Dataset records:
⁂
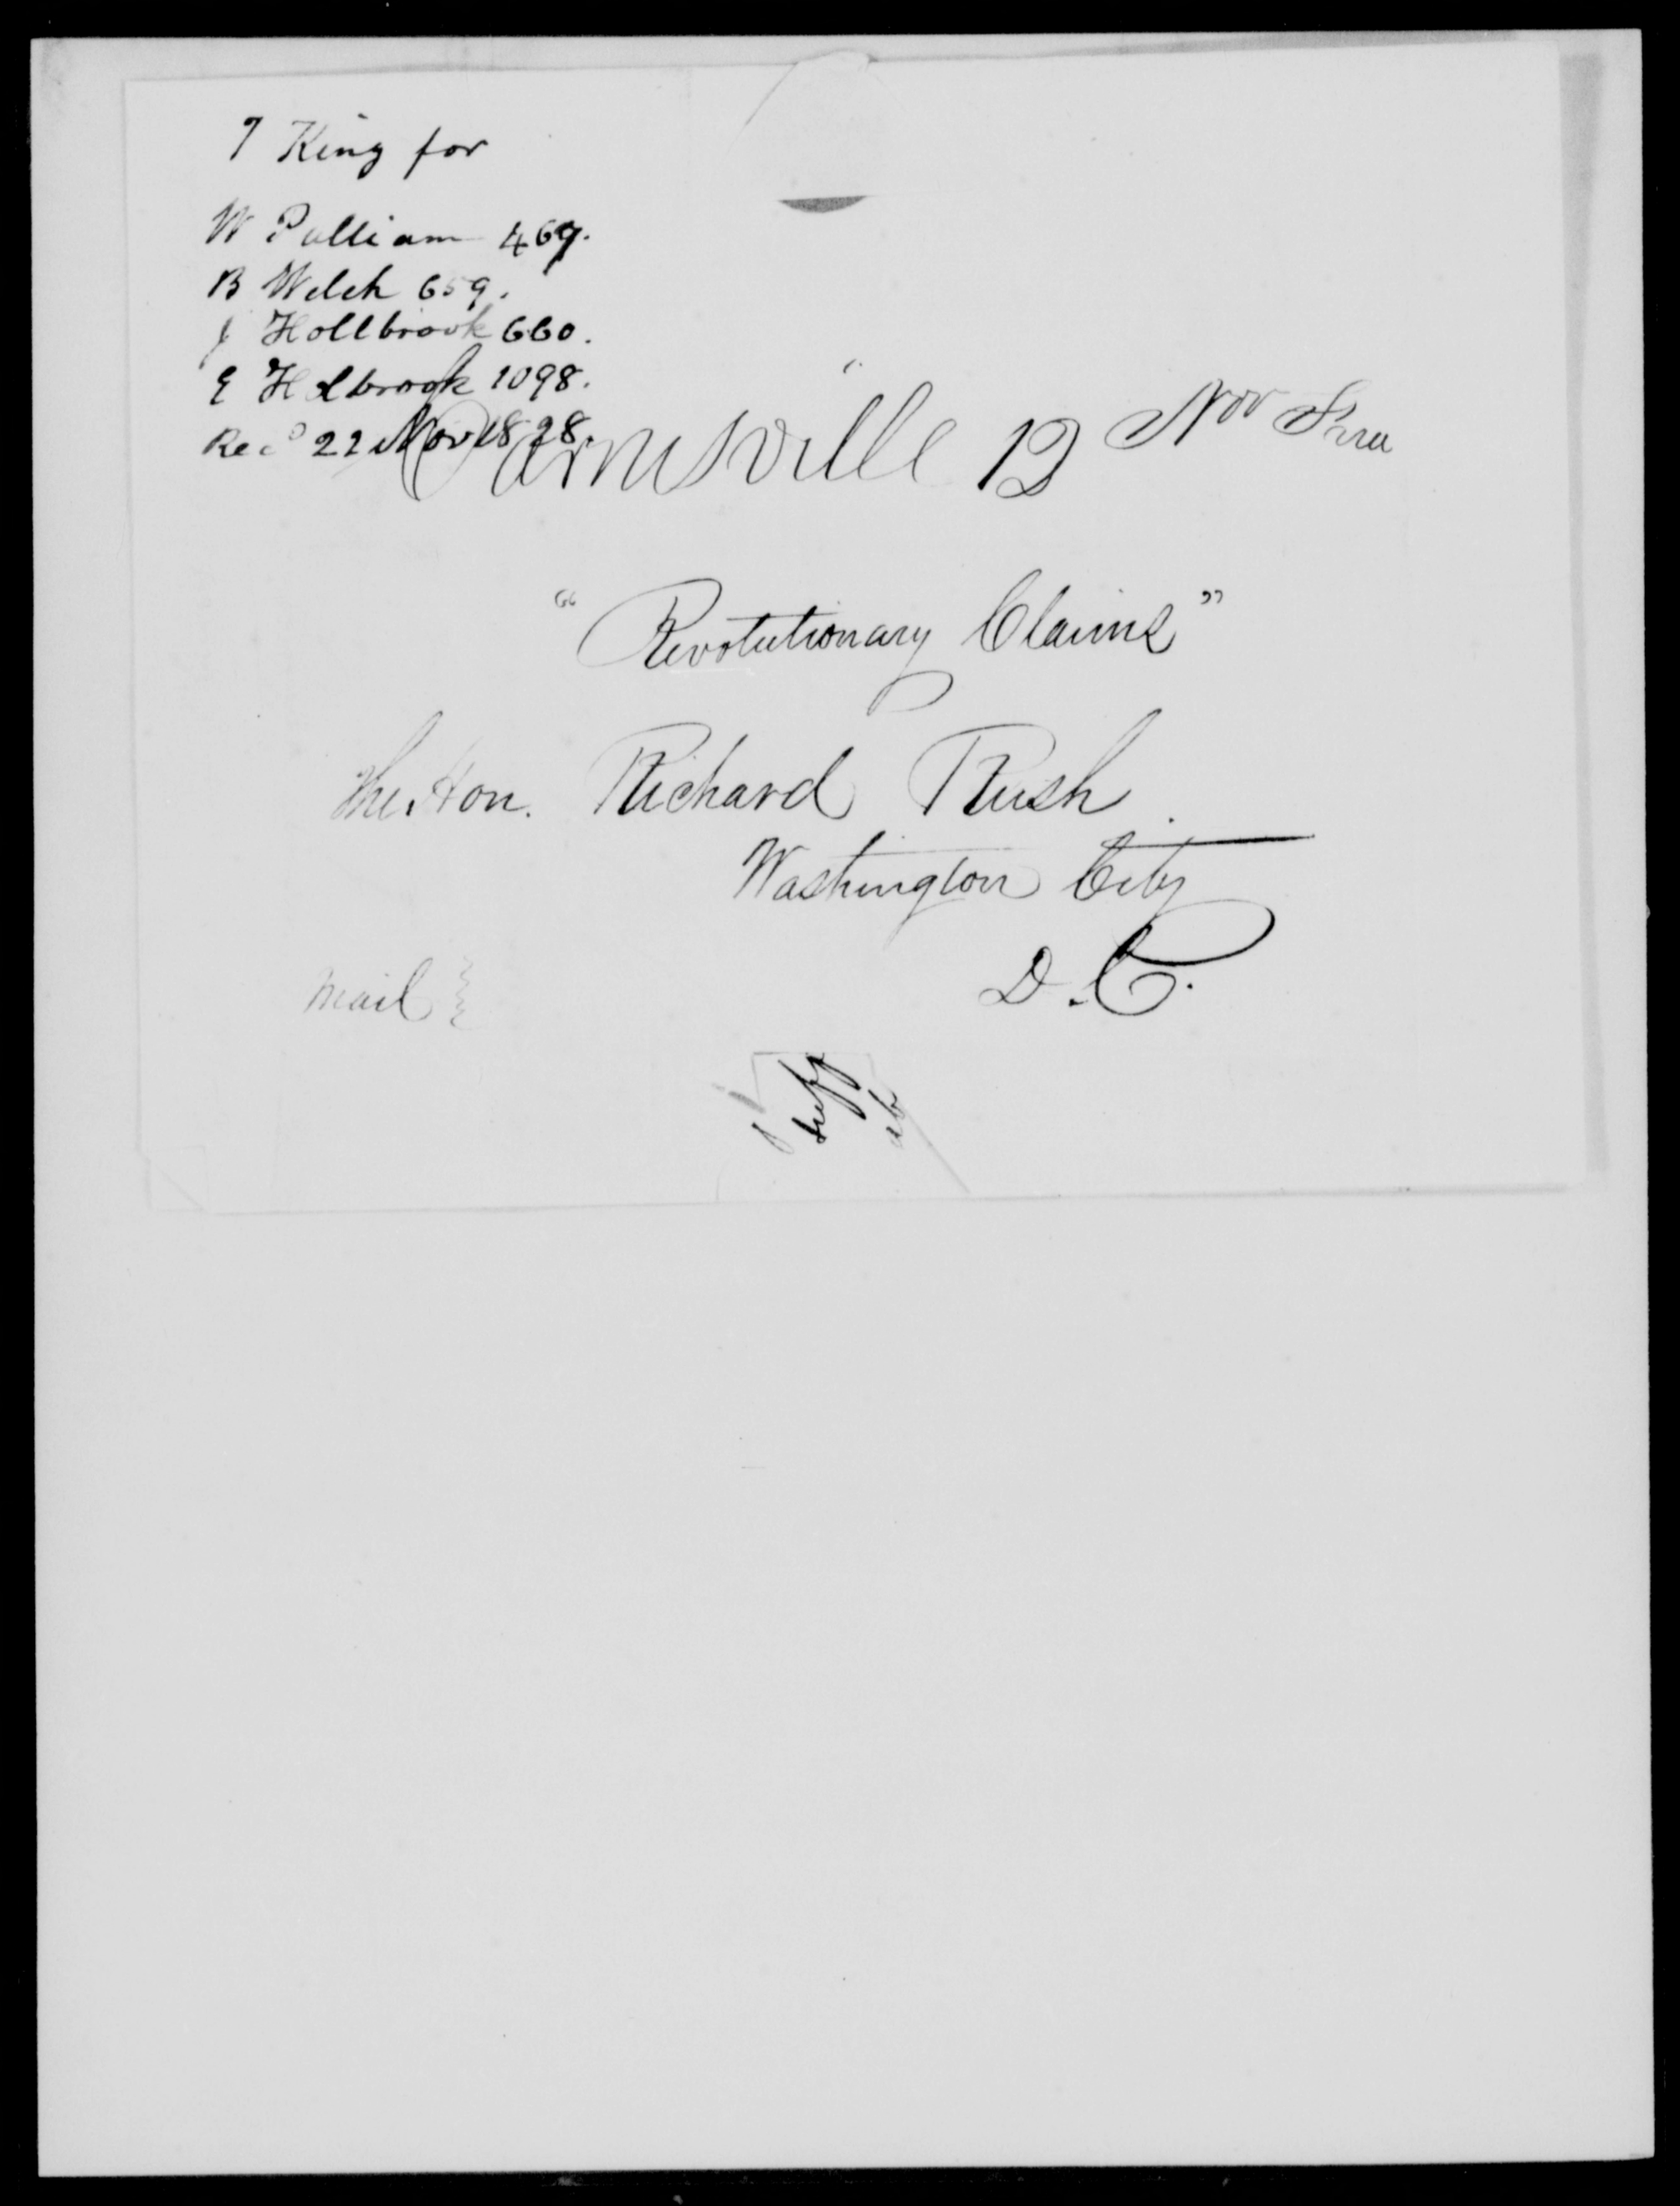T King for
W Pulliam 469
B Welch 669
 J Hollbrook 660
E Hollbrook 1098
Rec 22 Nov 1828
Carniville 12 Nov 
"Revolutionary Claims"
Milton. Richard Rush
Washington City
D.C.

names: E Hollbrook, B Welch, T King, W Pulliam, Richard Rush, J Hollbrook
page: 6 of 23
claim: rejected
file: R. 20,446, Benjamin Welch, Ga.
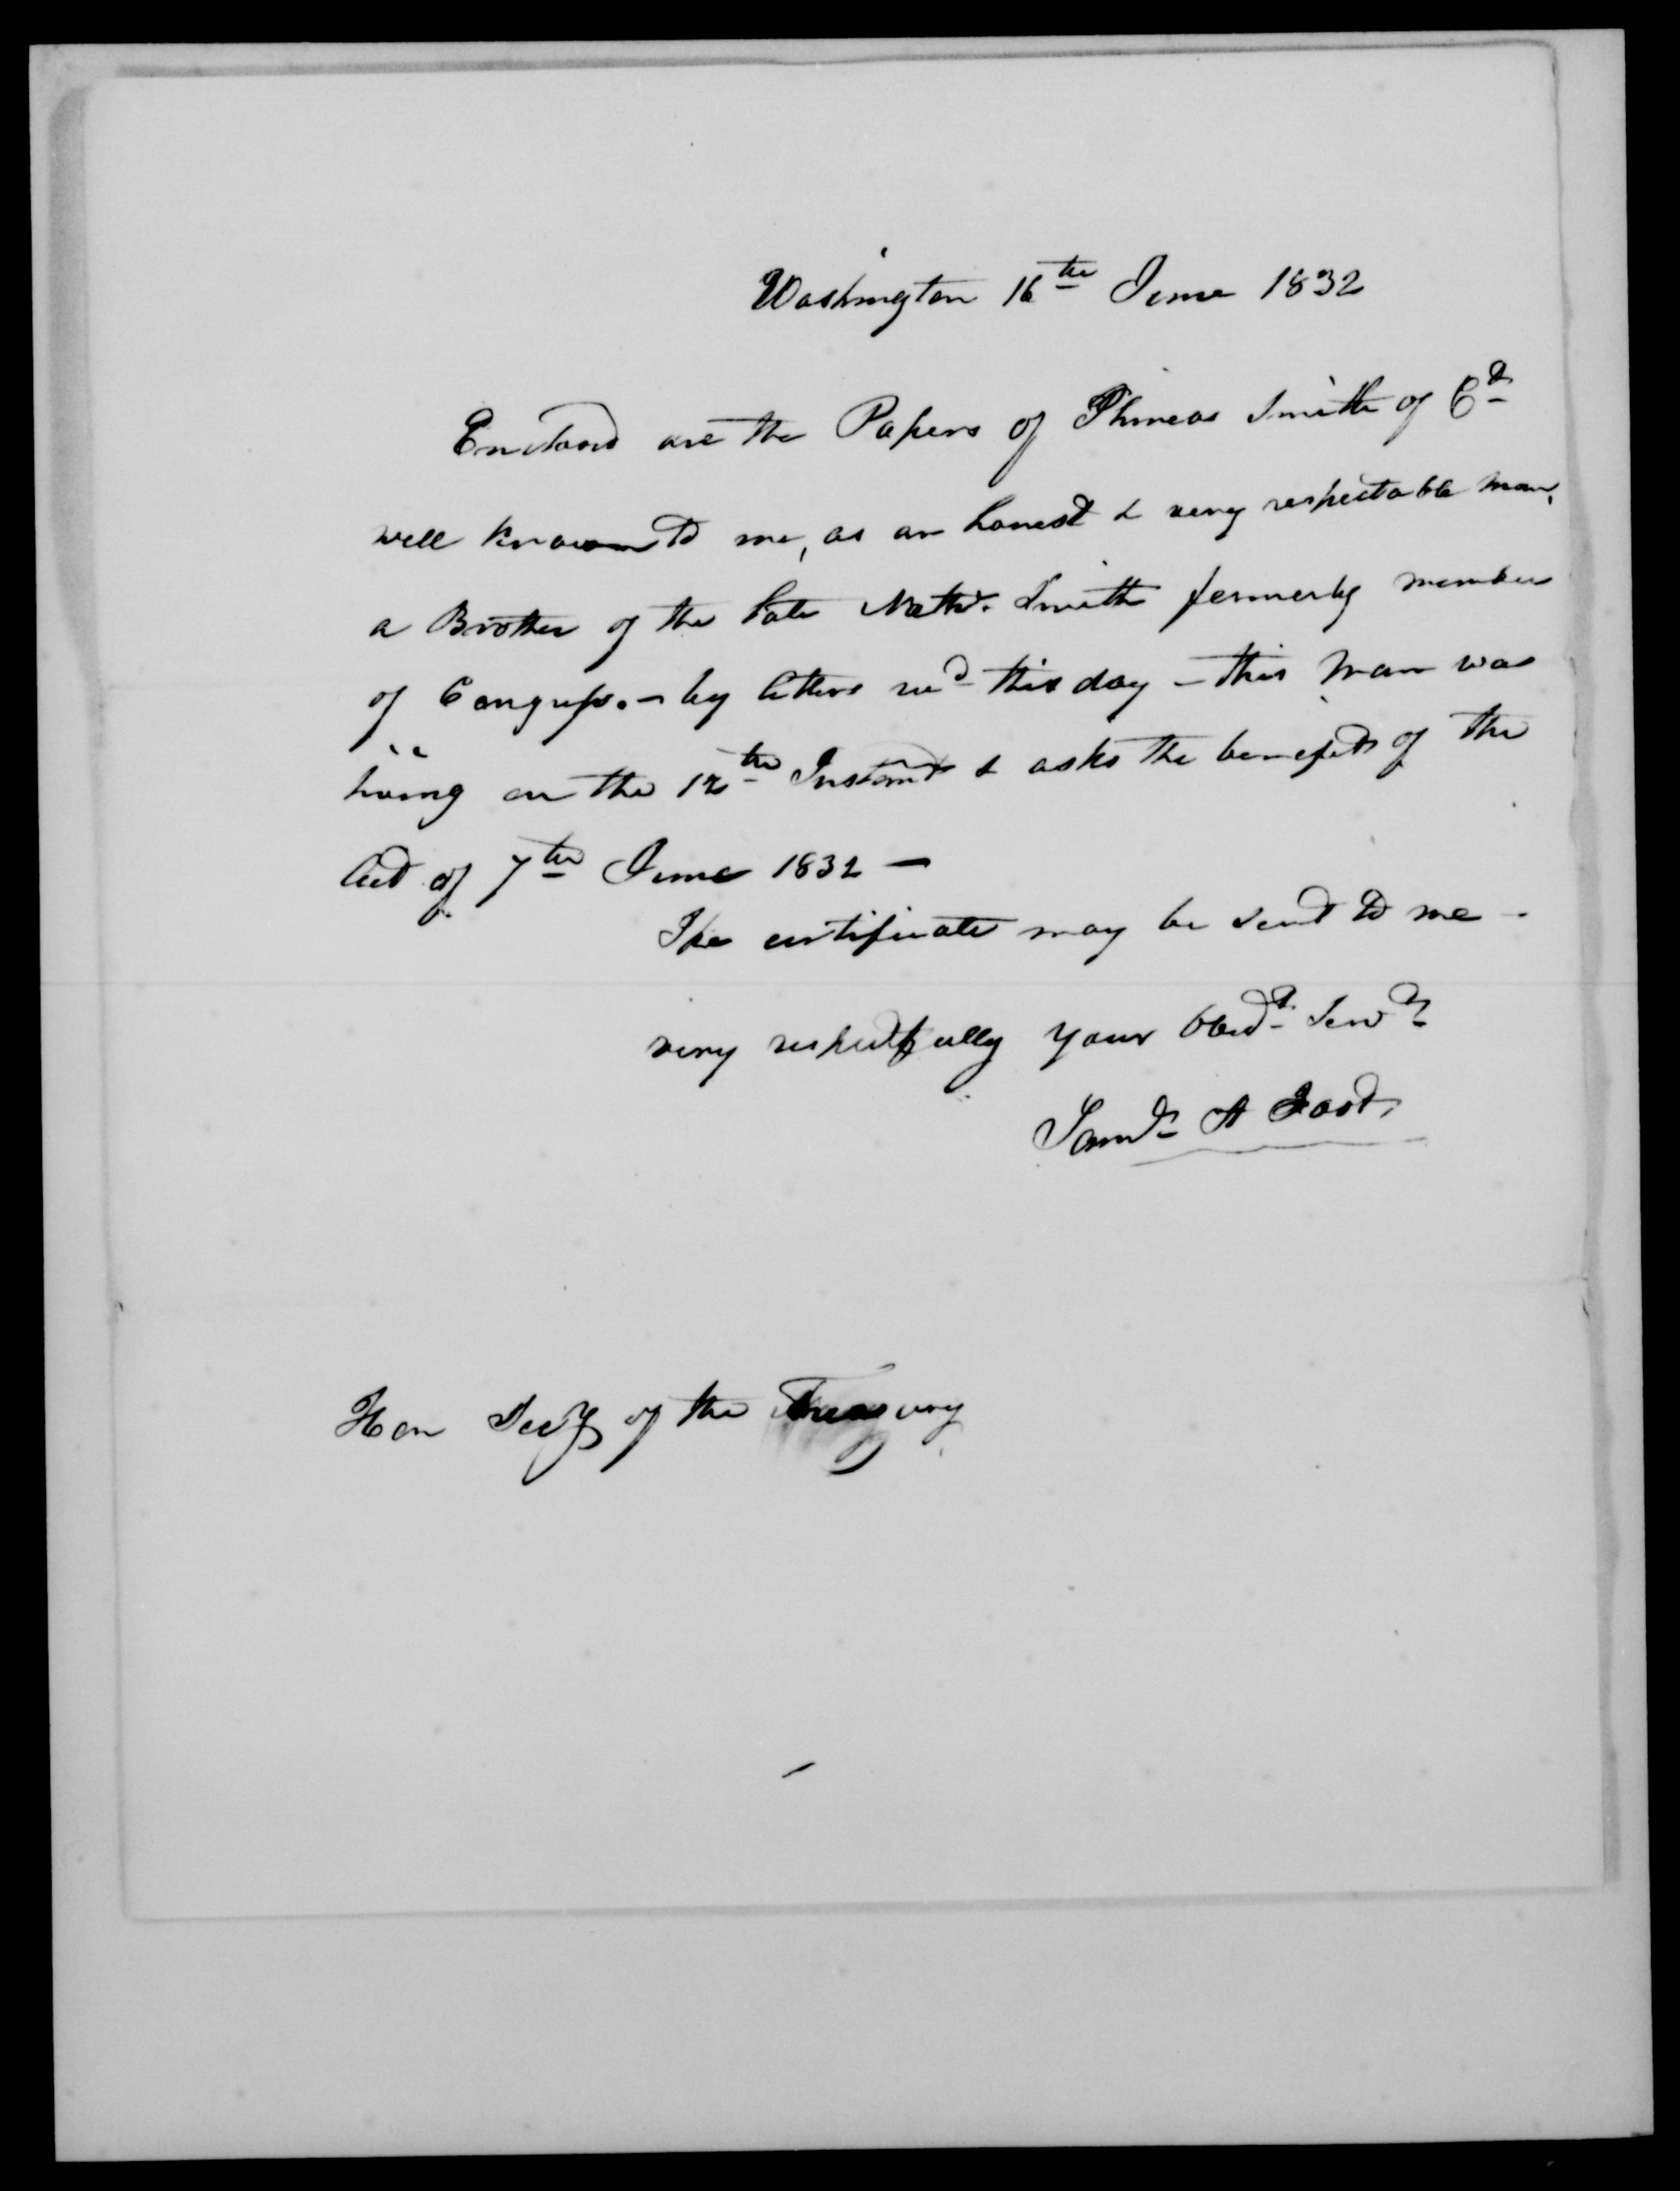Washington 16th June 1832 
Enclosed are the papers of Phineas Smith of Ct well known to me, as an honest & very respectable man,  Brother of the late Nathaniel Smith formerly member of Congress - by letters rec’d this day this man was living on the 12th Instant & asks the benefit of the Act of 7th June 1832.   
The certificate may be sent to me very respectfully your obed sevt 
Saml A Foot 
Hon Secty of the Treasury

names: Phineas Smith; Nathl Smith; Saml A Foot
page: 33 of 55
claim: widow's
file: W. 11480, for Phinehas Smith, Connecticut
⁂
Exercise goal:
Out of the records above, return only the lines from the one with "claim: rejected" through the one with "Washington 16th June 1832", exactly, and none of the pictures.

Exercise answer:
claim: rejected
file: R. 20,446, Benjamin Welch, Ga.
Washington 16th June 1832 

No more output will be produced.